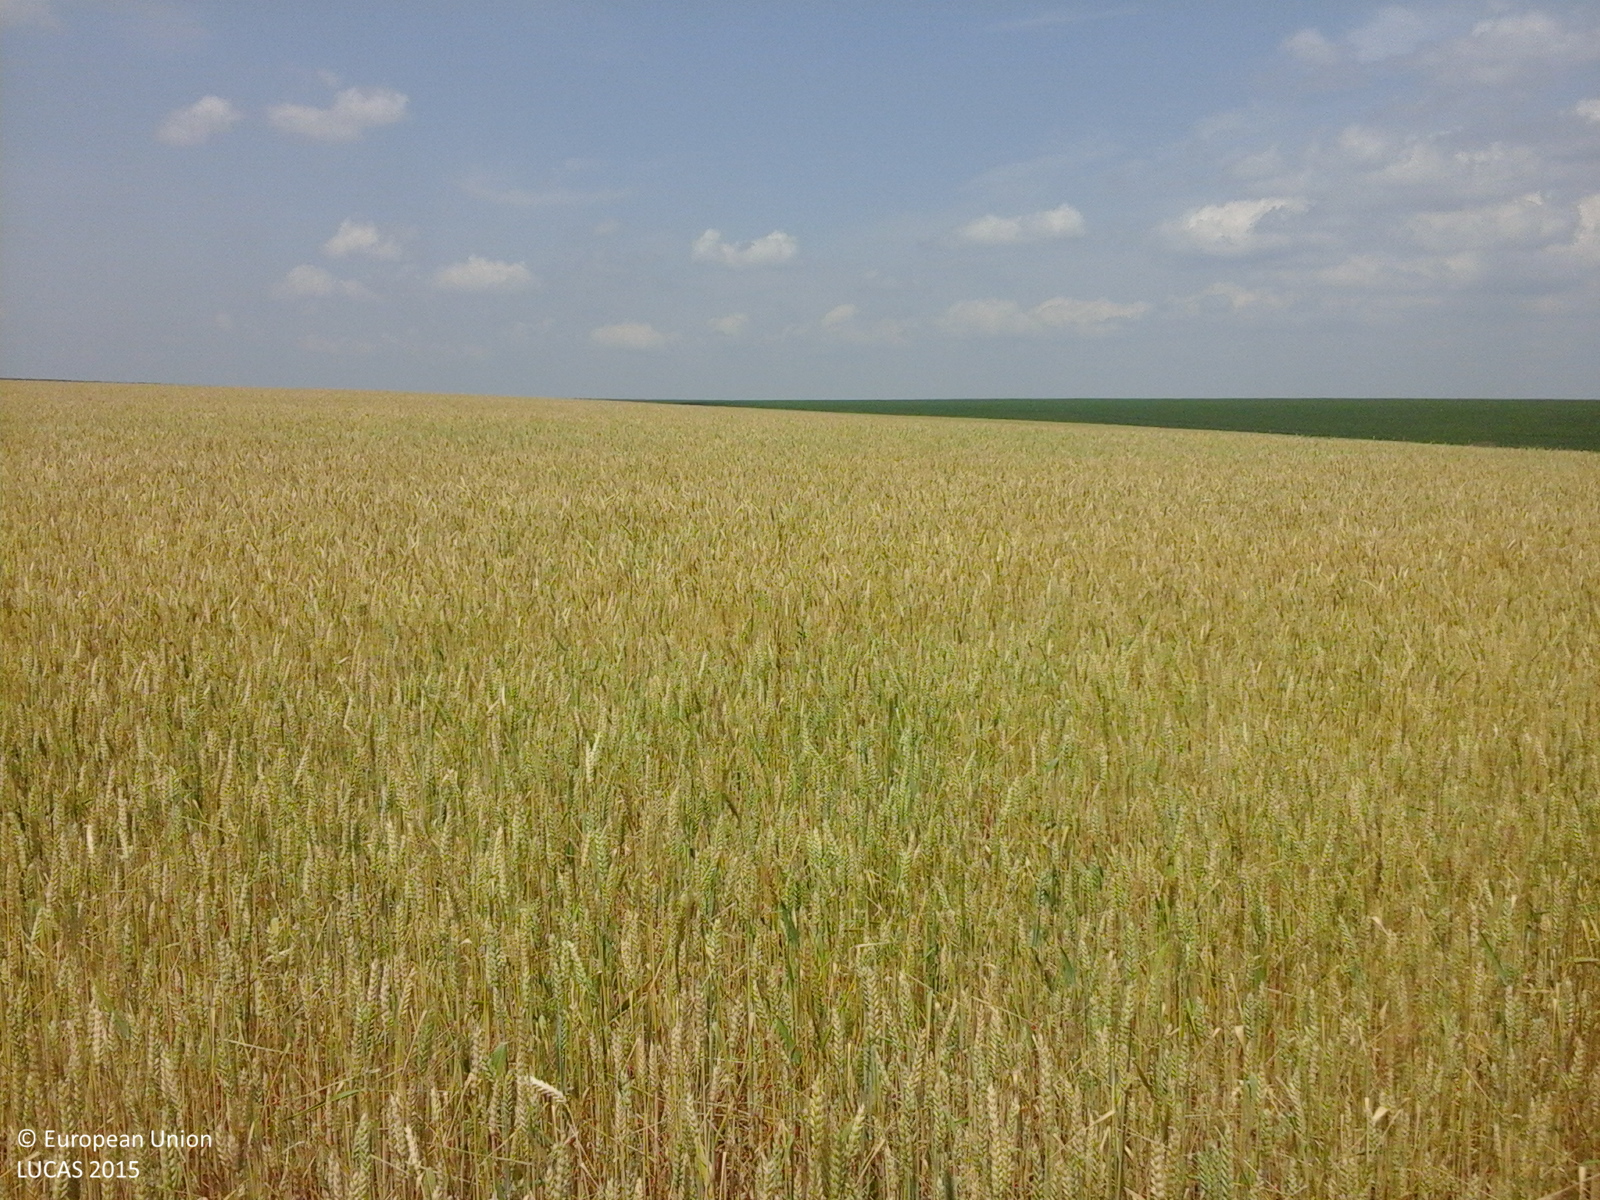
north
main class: Cropland
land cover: Common wheat
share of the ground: > 75 %
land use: Agriculture (excluding fallow land and kitchen gardens)
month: June
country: RO
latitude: 47.4443
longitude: 26.9838
......
### Exercise instructions
Your output should start at the line containing "share of the ground: > 75 %" and stop at the last line of the material, copied exactly, with nothing else.

### Task solution
share of the ground: > 75 %
land use: Agriculture (excluding fallow land and kitchen gardens)
month: June
country: RO
latitude: 47.4443
longitude: 26.9838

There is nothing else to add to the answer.